Exercise: Print each entry again exactly as written, and keep the pictures out.
(Information shown)
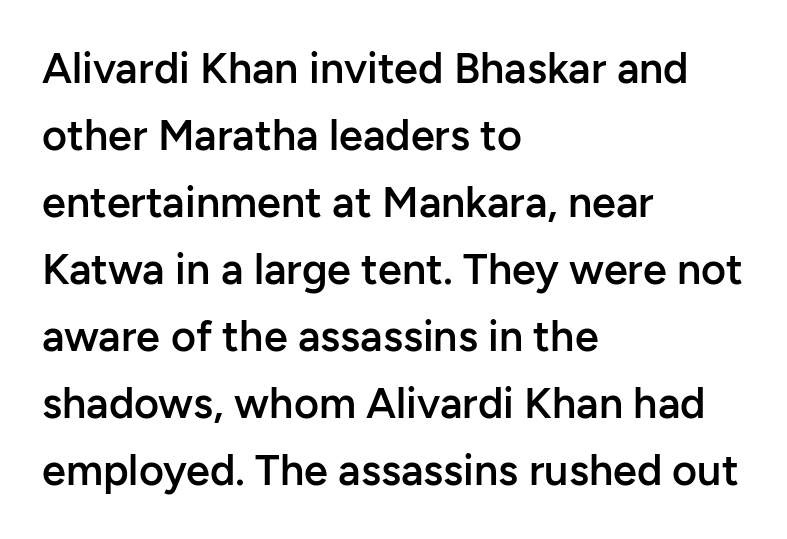
{"serif": "no", "italic": "no", "bold": "semi", "weight": "semibold", "width": "normal", "stroke_contrast": "low", "x_height": "medium", "monospaced": "no", "underline": "no", "align": "left", "line_spacing": "normal", "line_spacing_ratio": 1.56, "letter_spacing": "normal", "letter_spacing_em": 0.0, "glyph_px": 43}
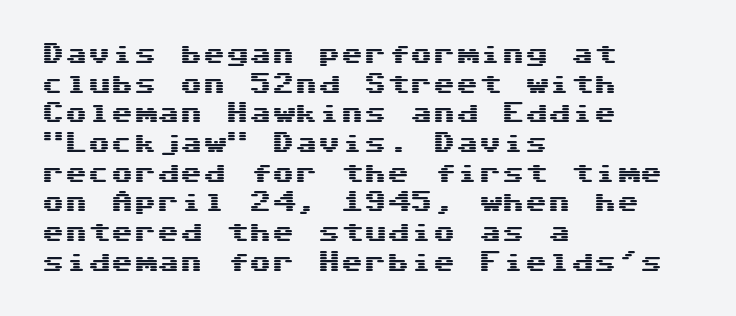
{"italic": "no", "underline": "no", "align": "left", "line_spacing": "normal", "line_spacing_ratio": 1.29, "letter_spacing": "normal", "letter_spacing_em": 0.0, "glyph_px": 23}
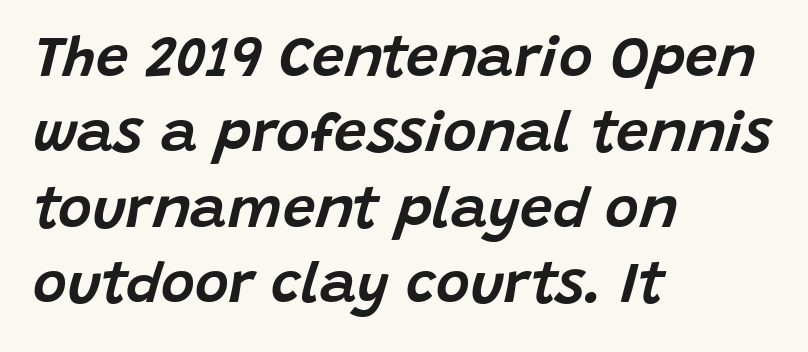
The image shows 58 px text type, italic (leaning right); set left-aligned, normal line spacing (1.3x), normal letter spacing, not underlined; low stroke contrast and a large x-height.
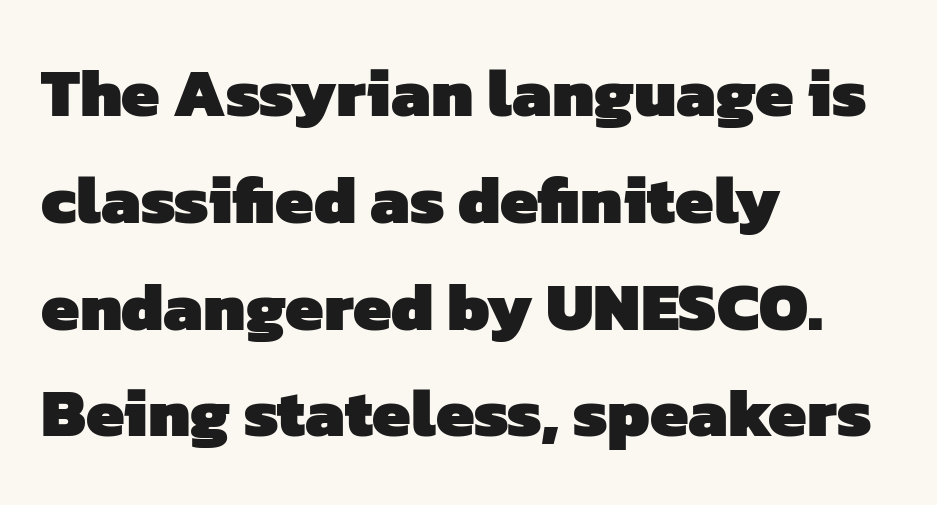
Q: Is the text bold? A: Yes.
Q: Is the typeface a serif or a sans-serif typeface? A: Sans-serif.
Q: Is the text underlined? A: No.
Q: How is the paragraph aligned? A: Left-aligned.
Q: Is the spacing between letters normal or unusually wide? A: Normal.
Q: Is the spacing between lines tight, normal or loose? A: Normal.
Q: Width (condensed, normal, or wide)? A: Normal.
Q: Stroke contrast? A: Low.
Q: x-height? A: Medium.
Q: Monospaced? A: No.
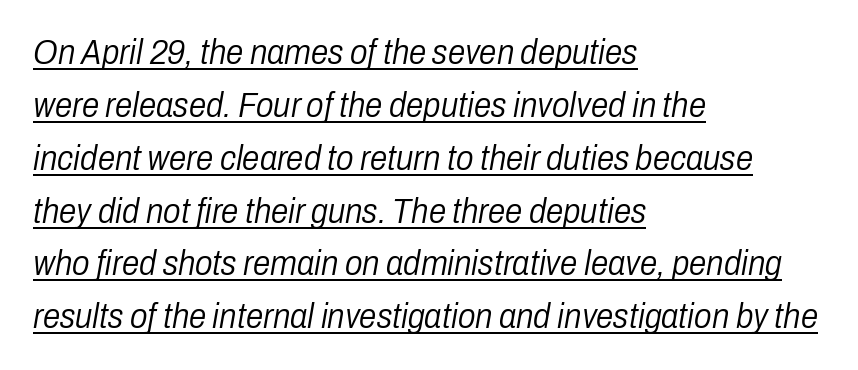
The image shows 35 px light, condensed type, italic (leaning right); set left-aligned, normal line spacing (1.51x), normal letter spacing, underlined; low stroke contrast and a medium x-height.
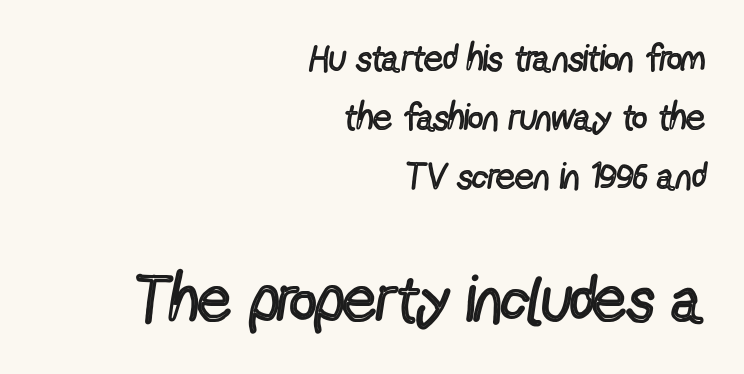
Inter-character spacing is left at the font's built-in metrics. Type without underlining. One glance says typical: line gaps are just what's usual. Heaviness? Minimal to ordinary, like unemphasized prose.
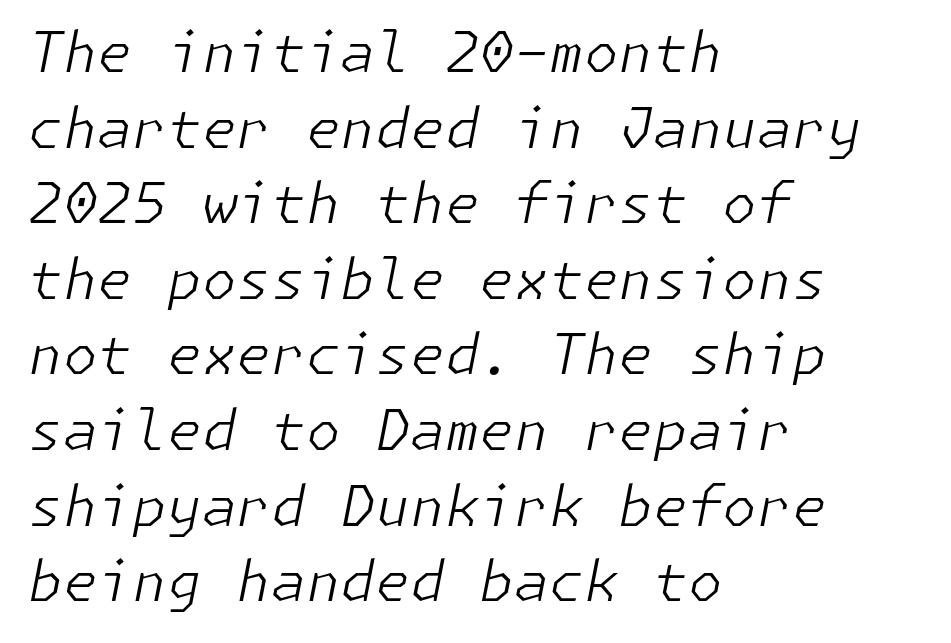
Q: Is the text bold? A: No.
Q: Is the text italic (slanted)? A: Yes, it leans right by about 11 degrees.
Q: Is the text underlined? A: No.
Q: How is the paragraph aligned? A: Left-aligned.
Q: Is the spacing between letters normal or unusually wide? A: Normal.
Q: Is the spacing between lines tight, normal or loose? A: Normal.
Q: Width (condensed, normal, or wide)? A: Normal.
Q: Stroke contrast? A: Low.
Q: x-height? A: Medium.
(End Information shown)
Written answer:
{"serif": "no", "italic": "no", "bold": "semi", "weight": "semibold", "width": "normal", "stroke_contrast": "low", "x_height": "medium", "monospaced": "no", "underline": "no", "align": "left", "line_spacing": "normal", "line_spacing_ratio": 1.56, "letter_spacing": "normal", "letter_spacing_em": 0.0, "glyph_px": 43}
{"italic": "no", "underline": "no", "align": "left", "line_spacing": "normal", "line_spacing_ratio": 1.29, "letter_spacing": "normal", "letter_spacing_em": 0.0, "glyph_px": 23}
The image shows 58 px text type, italic (leaning right); set left-aligned, normal line spacing (1.3x), normal letter spacing, not underlined; low stroke contrast and a large x-height.
Q: Is the text bold? A: Yes.
Q: Is the typeface a serif or a sans-serif typeface? A: Sans-serif.
Q: Is the text underlined? A: No.
Q: How is the paragraph aligned? A: Left-aligned.
Q: Is the spacing between letters normal or unusually wide? A: Normal.
Q: Is the spacing between lines tight, normal or loose? A: Normal.
Q: Width (condensed, normal, or wide)? A: Normal.
Q: Stroke contrast? A: Low.
Q: x-height? A: Medium.
Q: Monospaced? A: No.
The image shows 35 px light, condensed type, italic (leaning right); set left-aligned, normal line spacing (1.51x), normal letter spacing, underlined; low stroke contrast and a medium x-height.
Inter-character spacing is left at the font's built-in metrics. Type without underlining. One glance says typical: line gaps are just what's usual. Heaviness? Minimal to ordinary, like unemphasized prose.
Q: Is the text bold? A: No.
Q: Is the text italic (slanted)? A: Yes, it leans right by about 11 degrees.
Q: Is the text underlined? A: No.
Q: How is the paragraph aligned? A: Left-aligned.
Q: Is the spacing between letters normal or unusually wide? A: Normal.
Q: Is the spacing between lines tight, normal or loose? A: Normal.
Q: Width (condensed, normal, or wide)? A: Normal.
Q: Stroke contrast? A: Low.
Q: x-height? A: Medium.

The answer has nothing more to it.